In the newly redeveloped Australian pavilion (Australia was the last country to be offered a permanent Giardini pavilion back in the eighties), Fiona Hall taps into the art world's obsession with repurposed objects. It's an approach taken in numerous other pavilions (Israel and Canada spring to mind), but unlike them, Hall actually reshapes and rebirths the objects: nests made from shredded currency and paper: cuckoo, mantle and grandfather clocks whose surfaces she repaints with messages and a color scheme that calls to mind native Aboriginal art, with a trove of recurring keepsakes from the Pacific and beyond housed in a dark and overpowering (post) colonial wunderkammern show case which encircles much of the pavilion.
The dark and dim nature of the installation only occasionally makes concessions to light and color: white skulls on jars, colorful Pacific islands currencies lining the walls like butterflies in a museum display...the sense is that Hall's vision of the world is multi-layered but suspended somewhere in the mistakes we as people have made since the annuls of time in the pursuit of land and money.
This is less of a stance on the world's future than a reflection of the obstacles we face before getting there.
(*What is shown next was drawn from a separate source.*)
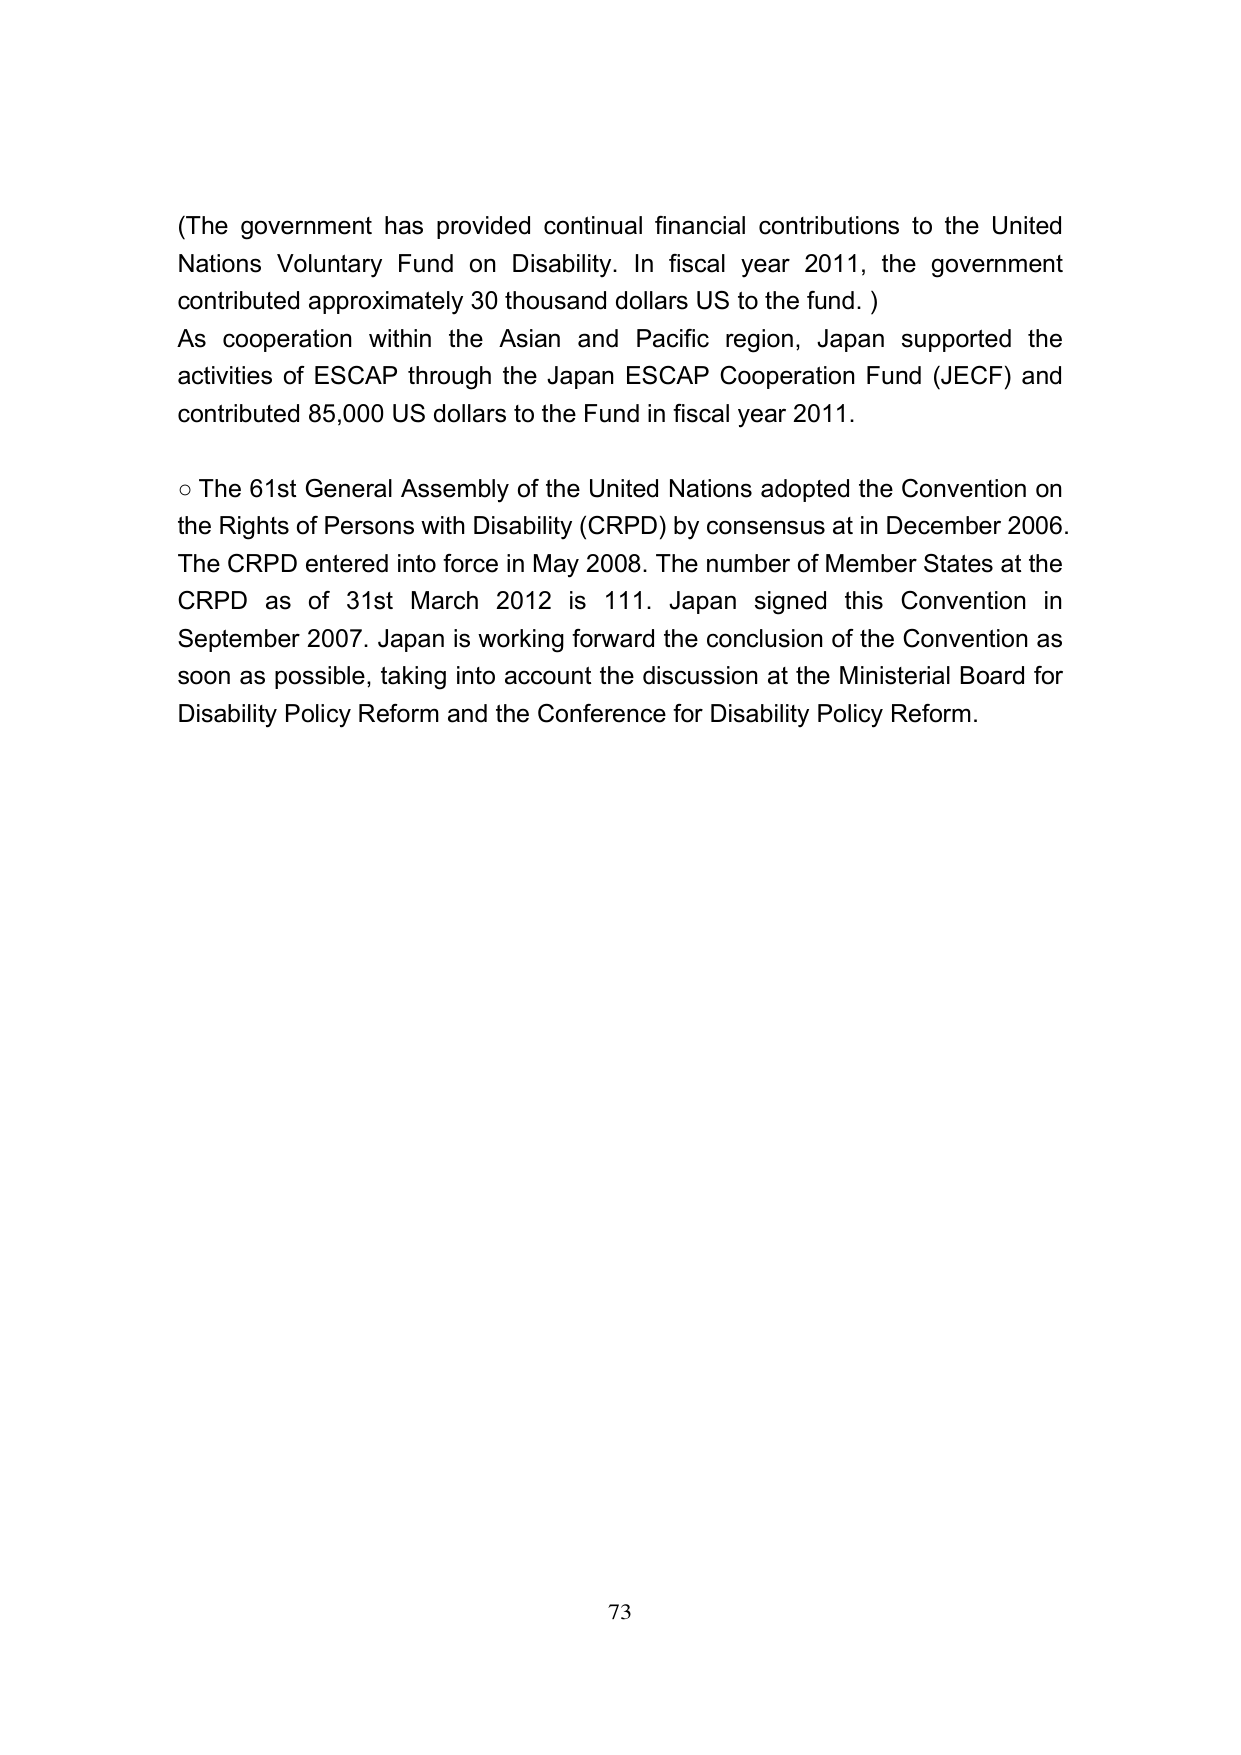
(The government has provided continual financial contributions to the United Nations Voluntary Fund on Disability. In fiscal year 2011, the government contributed approximately 30 thousand dollars US to the fund. )

As cooperation within the Asian and Pacific region, Japan supported the activities of ESCAP through the Japan ESCAP Cooperation Fund (JECF) and contributed 85,000 US dollars to the Fund in fiscal year 2011.

○ The 61st General Assembly of the United Nations adopted the Convention on the Rights of Persons with Disability (CRPD) by consensus at in December 2006. The CRPD entered into force in May 2008. The number of Member States at the CRPD as of 31st March 2012 is 111. Japan signed this Convention in September 2007. Japan is working forward the conclusion of the Convention as soon as possible, taking into account the discussion at the Ministerial Board for Disability Policy Reform and the Conference for Disability Policy Reform.

73

The world won't get to the future until it gets through the cycle of purging and violence that awaits it.
The hanging, disfigured bodies in the center piece Kuka Iritija (Animals from Another Time) (2014), made of remnants of military uniforms in collaboration with the Tjanpi Desert Weavers, a collective of Aboriginal women artists known for their works of fiber art, acts to redress the damage made historically and internationally in the name of borders and the pursuit of resources.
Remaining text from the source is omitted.